* _Exercise prompt_
Starting with the first line and ending with the one that holds "Black discs: 34", retype the entries exactly.

* _Extracted information_
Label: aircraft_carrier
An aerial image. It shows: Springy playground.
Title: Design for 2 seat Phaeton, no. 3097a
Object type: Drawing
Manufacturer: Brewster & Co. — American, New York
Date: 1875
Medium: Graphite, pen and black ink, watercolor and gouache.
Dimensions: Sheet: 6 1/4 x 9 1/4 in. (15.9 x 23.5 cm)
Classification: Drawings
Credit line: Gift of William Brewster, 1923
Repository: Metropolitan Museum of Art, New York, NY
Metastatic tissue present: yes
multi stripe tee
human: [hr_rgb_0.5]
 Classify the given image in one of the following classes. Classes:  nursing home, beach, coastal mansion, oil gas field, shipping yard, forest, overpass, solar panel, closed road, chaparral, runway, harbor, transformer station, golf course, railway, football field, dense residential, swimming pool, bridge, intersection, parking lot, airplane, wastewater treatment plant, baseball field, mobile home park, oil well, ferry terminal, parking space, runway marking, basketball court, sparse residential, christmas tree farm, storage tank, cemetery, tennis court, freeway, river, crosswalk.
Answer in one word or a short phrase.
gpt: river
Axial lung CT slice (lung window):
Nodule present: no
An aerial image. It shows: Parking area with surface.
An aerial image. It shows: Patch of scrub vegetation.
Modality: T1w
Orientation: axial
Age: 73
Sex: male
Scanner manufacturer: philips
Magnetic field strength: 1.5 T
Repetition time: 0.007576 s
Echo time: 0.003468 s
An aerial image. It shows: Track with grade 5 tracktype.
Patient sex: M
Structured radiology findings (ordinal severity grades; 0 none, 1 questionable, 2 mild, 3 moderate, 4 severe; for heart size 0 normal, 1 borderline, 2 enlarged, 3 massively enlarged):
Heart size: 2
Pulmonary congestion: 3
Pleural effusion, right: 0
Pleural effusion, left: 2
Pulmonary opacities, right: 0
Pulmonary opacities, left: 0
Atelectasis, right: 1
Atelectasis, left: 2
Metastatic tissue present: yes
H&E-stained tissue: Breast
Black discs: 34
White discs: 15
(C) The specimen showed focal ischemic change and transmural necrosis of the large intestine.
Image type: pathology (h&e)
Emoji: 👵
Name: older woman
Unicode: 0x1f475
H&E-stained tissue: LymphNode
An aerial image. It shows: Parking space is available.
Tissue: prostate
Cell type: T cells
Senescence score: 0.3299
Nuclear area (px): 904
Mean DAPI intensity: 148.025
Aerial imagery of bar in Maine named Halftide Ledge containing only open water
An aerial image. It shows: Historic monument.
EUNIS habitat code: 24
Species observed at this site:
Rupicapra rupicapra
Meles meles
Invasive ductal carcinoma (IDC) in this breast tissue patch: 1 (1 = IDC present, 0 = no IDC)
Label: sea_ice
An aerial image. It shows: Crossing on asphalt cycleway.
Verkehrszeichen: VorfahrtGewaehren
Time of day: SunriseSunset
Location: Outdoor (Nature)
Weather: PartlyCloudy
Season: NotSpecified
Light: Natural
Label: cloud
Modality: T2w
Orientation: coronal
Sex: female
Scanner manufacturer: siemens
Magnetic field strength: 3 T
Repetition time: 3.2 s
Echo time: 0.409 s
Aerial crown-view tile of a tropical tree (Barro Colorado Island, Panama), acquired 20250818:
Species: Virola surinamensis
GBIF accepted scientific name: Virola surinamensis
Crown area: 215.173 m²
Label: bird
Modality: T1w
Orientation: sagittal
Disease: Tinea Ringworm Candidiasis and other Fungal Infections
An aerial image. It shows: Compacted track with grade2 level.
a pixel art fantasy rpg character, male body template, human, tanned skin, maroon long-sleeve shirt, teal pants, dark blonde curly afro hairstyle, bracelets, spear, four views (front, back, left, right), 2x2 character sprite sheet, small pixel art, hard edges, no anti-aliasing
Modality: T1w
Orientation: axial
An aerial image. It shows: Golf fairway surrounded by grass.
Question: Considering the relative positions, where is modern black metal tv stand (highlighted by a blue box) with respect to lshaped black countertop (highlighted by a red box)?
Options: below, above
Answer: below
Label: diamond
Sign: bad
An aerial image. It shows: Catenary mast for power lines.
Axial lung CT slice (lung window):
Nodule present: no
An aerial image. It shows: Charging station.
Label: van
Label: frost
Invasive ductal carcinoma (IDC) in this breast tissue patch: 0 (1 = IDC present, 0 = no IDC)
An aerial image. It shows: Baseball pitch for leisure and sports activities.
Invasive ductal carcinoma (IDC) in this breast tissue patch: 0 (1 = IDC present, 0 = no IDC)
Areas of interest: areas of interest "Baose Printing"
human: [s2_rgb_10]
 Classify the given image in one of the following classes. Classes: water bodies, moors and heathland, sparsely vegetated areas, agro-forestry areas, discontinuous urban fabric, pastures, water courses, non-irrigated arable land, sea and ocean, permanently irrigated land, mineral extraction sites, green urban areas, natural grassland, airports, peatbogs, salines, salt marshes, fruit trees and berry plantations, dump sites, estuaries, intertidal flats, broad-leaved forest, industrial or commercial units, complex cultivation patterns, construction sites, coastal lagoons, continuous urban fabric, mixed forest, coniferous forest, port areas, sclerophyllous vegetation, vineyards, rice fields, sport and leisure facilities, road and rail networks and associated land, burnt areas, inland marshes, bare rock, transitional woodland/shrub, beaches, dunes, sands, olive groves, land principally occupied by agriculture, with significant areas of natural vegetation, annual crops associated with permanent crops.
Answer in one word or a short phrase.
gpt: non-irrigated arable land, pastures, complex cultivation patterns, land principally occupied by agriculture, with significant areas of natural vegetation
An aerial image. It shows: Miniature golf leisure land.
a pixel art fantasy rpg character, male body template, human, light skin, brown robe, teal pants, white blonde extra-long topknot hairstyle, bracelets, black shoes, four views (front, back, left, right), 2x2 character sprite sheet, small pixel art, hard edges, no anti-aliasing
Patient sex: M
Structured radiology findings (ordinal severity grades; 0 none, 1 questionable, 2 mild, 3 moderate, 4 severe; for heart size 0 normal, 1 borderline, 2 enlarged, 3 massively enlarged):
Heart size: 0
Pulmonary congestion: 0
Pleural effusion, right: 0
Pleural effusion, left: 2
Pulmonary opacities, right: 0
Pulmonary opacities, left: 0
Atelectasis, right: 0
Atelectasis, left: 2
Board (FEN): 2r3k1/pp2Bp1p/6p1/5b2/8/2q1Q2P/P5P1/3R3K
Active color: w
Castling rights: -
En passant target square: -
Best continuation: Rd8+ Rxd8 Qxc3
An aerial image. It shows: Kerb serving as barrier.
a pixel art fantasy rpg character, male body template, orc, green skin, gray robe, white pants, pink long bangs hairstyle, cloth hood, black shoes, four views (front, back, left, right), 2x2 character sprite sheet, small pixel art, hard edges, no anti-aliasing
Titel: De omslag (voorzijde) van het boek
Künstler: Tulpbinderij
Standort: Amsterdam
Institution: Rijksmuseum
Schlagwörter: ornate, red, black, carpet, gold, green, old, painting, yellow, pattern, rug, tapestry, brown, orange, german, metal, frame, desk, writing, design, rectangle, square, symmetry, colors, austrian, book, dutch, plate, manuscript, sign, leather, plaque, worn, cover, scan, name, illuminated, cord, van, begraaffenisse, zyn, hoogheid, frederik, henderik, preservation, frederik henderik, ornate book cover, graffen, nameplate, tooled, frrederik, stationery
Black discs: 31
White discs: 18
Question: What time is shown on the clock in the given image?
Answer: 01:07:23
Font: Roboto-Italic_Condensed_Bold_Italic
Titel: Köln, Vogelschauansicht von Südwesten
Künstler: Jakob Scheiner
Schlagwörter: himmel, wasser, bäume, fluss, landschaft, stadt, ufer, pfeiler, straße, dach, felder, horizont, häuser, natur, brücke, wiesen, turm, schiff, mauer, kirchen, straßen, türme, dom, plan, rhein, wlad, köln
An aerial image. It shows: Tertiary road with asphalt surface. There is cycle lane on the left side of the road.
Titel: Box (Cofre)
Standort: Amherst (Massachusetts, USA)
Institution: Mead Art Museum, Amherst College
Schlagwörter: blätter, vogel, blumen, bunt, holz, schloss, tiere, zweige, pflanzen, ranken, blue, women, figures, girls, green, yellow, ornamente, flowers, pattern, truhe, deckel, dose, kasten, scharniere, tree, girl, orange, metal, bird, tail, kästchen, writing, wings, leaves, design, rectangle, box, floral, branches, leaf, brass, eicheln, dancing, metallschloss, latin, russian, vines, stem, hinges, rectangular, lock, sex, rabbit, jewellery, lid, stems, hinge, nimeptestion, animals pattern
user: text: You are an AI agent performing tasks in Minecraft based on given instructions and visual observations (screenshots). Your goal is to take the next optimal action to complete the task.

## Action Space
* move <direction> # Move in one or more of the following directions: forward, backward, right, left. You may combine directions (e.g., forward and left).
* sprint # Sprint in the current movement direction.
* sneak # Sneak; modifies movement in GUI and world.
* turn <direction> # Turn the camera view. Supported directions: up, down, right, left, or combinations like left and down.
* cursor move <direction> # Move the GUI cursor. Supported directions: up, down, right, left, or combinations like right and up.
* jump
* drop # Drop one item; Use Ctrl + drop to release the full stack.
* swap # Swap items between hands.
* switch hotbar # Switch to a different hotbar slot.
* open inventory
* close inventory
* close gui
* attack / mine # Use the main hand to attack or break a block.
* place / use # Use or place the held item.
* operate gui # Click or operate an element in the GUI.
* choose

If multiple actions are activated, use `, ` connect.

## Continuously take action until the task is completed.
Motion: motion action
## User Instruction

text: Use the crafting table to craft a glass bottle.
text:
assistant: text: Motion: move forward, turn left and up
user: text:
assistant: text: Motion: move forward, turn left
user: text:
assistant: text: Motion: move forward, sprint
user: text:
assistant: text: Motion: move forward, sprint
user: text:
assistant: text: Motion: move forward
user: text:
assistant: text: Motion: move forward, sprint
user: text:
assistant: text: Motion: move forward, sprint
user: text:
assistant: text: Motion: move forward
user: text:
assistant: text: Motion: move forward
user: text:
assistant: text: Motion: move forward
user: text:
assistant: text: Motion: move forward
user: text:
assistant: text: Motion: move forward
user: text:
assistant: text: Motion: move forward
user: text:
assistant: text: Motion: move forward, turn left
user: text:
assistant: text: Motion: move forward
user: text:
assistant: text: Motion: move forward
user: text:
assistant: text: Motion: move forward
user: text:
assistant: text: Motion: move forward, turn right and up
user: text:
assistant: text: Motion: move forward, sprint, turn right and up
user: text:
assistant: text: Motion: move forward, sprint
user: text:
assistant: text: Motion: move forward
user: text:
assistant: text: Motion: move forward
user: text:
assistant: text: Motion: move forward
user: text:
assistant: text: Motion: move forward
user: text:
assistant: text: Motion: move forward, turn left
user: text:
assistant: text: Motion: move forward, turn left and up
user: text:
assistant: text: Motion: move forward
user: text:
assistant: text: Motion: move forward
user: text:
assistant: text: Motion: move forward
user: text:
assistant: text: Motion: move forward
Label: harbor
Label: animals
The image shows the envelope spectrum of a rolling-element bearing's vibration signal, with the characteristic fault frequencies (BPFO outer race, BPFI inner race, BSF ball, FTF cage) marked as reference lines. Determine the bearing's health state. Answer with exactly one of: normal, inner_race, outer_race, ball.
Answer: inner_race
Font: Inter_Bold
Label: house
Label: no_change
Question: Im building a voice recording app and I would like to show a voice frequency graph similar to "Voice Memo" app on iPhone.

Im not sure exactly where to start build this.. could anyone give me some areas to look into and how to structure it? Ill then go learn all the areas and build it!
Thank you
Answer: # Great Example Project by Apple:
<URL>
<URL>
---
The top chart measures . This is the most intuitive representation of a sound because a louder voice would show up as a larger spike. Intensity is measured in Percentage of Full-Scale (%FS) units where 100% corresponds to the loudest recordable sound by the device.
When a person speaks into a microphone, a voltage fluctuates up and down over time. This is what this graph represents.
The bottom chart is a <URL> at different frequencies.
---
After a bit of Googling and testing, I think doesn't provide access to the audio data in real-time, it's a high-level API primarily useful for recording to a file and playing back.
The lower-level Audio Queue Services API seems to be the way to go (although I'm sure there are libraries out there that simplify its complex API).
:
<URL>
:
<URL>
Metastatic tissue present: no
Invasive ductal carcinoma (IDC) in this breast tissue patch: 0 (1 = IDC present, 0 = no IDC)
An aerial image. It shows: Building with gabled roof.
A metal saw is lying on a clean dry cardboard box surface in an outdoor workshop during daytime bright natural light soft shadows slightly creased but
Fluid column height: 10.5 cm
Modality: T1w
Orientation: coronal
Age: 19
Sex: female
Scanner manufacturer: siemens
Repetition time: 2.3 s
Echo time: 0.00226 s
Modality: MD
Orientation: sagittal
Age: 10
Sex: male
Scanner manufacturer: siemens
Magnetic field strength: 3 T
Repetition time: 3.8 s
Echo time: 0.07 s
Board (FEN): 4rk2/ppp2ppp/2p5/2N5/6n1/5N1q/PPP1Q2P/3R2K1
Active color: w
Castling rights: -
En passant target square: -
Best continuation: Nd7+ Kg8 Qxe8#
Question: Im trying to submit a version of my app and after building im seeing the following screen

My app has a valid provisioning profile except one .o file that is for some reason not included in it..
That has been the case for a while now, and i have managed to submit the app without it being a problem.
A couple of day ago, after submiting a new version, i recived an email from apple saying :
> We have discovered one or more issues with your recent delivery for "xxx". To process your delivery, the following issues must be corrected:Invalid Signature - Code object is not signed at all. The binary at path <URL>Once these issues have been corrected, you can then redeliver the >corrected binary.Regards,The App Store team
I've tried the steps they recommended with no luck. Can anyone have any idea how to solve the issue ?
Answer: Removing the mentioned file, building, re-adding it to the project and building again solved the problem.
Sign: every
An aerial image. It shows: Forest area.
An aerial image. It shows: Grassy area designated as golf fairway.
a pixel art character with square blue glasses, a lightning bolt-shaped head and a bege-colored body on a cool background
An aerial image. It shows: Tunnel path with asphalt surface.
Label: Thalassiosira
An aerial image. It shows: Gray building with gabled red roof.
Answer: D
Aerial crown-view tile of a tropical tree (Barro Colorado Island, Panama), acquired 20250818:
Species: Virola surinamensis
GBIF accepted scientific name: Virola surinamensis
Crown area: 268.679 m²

* _Reply to the exercise_
Label: aircraft_carrier
An aerial image. It shows: Springy playground.
Title: Design for 2 seat Phaeton, no. 3097a
Object type: Drawing
Manufacturer: Brewster & Co. — American, New York
Date: 1875
Medium: Graphite, pen and black ink, watercolor and gouache.
Dimensions: Sheet: 6 1/4 x 9 1/4 in. (15.9 x 23.5 cm)
Classification: Drawings
Credit line: Gift of William Brewster, 1923
Repository: Metropolitan Museum of Art, New York, NY
Metastatic tissue present: yes
multi stripe tee
human: [hr_rgb_0.5]
 Classify the given image in one of the following classes. Classes:  nursing home, beach, coastal mansion, oil gas field, shipping yard, forest, overpass, solar panel, closed road, chaparral, runway, harbor, transformer station, golf course, railway, football field, dense residential, swimming pool, bridge, intersection, parking lot, airplane, wastewater treatment plant, baseball field, mobile home park, oil well, ferry terminal, parking space, runway marking, basketball court, sparse residential, christmas tree farm, storage tank, cemetery, tennis court, freeway, river, crosswalk.
Answer in one word or a short phrase.
gpt: river
Axial lung CT slice (lung window):
Nodule present: no
An aerial image. It shows: Parking area with surface.
An aerial image. It shows: Patch of scrub vegetation.
Modality: T1w
Orientation: axial
Age: 73
Sex: male
Scanner manufacturer: philips
Magnetic field strength: 1.5 T
Repetition time: 0.007576 s
Echo time: 0.003468 s
An aerial image. It shows: Track with grade 5 tracktype.
Patient sex: M
Structured radiology findings (ordinal severity grades; 0 none, 1 questionable, 2 mild, 3 moderate, 4 severe; for heart size 0 normal, 1 borderline, 2 enlarged, 3 massively enlarged):
Heart size: 2
Pulmonary congestion: 3
Pleural effusion, right: 0
Pleural effusion, left: 2
Pulmonary opacities, right: 0
Pulmonary opacities, left: 0
Atelectasis, right: 1
Atelectasis, left: 2
Metastatic tissue present: yes
H&E-stained tissue: Breast
Black discs: 34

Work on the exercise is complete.